STANDARD ELEVATOR INTERLOCK CO. v. RAMSEY et al.
(Circuit Court, E. D. Pennsylvania.
May 20, 1904.)
No. 22.
1. Patents — Suit fob Infringement — Amendment of Pleading.
Under the authority given the court to permit amendments by equity rule 60, a defendant 'in a suit for infringement of a patent, who has set up prior invention, knowledge, or use, will be given leave to amend his answer, even after replication filed, by adding the name of another witness, giving his place of residence, as required by Rev. St. § 4920 [U. S. Comp. St 1901, p. 3394], where satisfied that the application is not made for delay, and that the amendment is in furtherance of justice.
IT 1. Pleading in infringement suits, see note to Caldwell v. Powell, 19 C. C. A. 595.
See Patents, vol. 38, Cent. Dig. § 527.
In Equity. On petition for leave to amend answer.
Howson & Howson, for complainant.
Horace Pettit, for defendants.
[MAJORITY — HOLLAND, District Judge.]
HOLLAND, District Judge.
The defendant has filed a petition asking leave to amend its answer by adding the name of William H. B. Teamer thereto, giving his place of residence, as required by section 4920, Rev. St. U. S. [U. S. Comp. St. 1901, p. 3394], in cases where the defense sets up previous invention, knowledge, or use of the thing patented. The complainant objects to the allowance of this amendment upon the ground that the amendment is desired after filing of the replication, that it introduces new matter of defense, and that sufficient reason is not given for the omission of this name in the original answer.

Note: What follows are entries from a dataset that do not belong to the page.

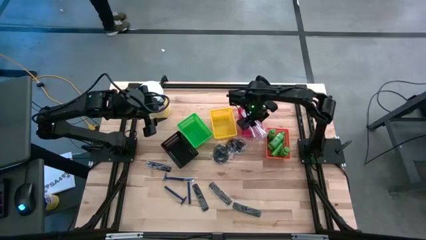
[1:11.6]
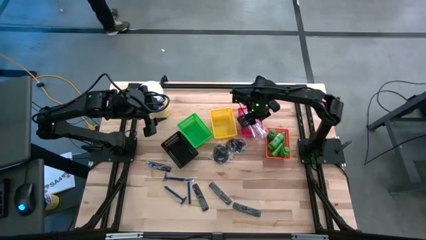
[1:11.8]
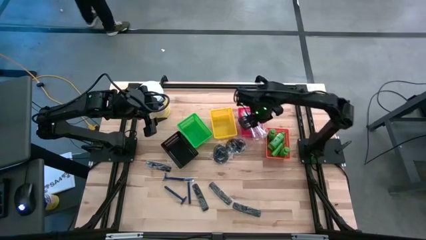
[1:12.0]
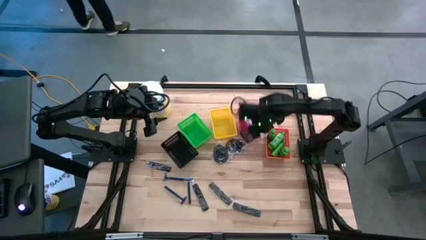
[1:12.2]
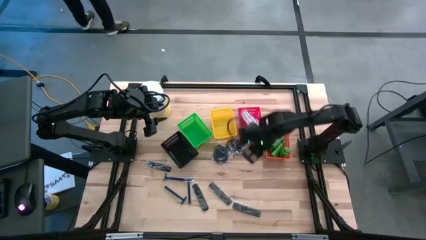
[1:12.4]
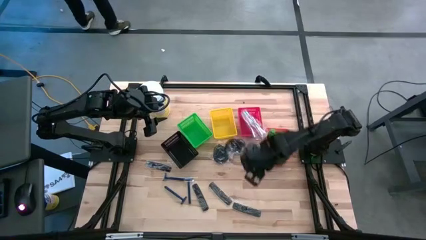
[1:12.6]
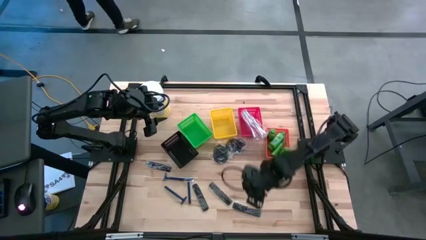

Rule 60 of the equity rules, upon motion and cause shown, supported by affidavit, after due notice to the adverse parties, authorizes the allowance of amendments by special leave of court, or a judge thereof, in any material matter, as by adding new facts or defenses, or qualifying or altering the original statement. It appears that it has been customary in answers in these cases, as was done in this case, to add a clause praying leave to add additional names of witnesses possessing information of prior knowledge and use, when ascertained, and as the defendants may be advised. The affidavit supporting the motion for amendment does not set forth that the defendant was not in the possession of this information when the original answer was filed. It only avers that one of the counsel was not aware of the fact that Mr. Teamer possessed this knowledge. It was urged that the defendants did not know the requirements of the law as to practice and pleading, and that counsel requested the addition of this name as soon as it was brought to his attention. The court is convinced that the petition is not presented for the purpose of delay, nor is there any indication that the complainant will be put to any extra cost, should this amendment be allowed. It is simply an additional witness in the line of defense indicated in the original answer. The court does not know whether or not this information could have been communicated to counsel prior to filing the answer, if the defendants had been informed as to the requirements of the law as to pleading in this particular; but as the authority to permit amendments is conferred upon the court for the furtherance of justice, and to relieve the parties from the consequence of their unavoidable ignorance or mistake, and this authority may be exercised at any stage of the proceedings when its necessity becomes apparent, we deem it proper in this case to permit the amendment, as requested.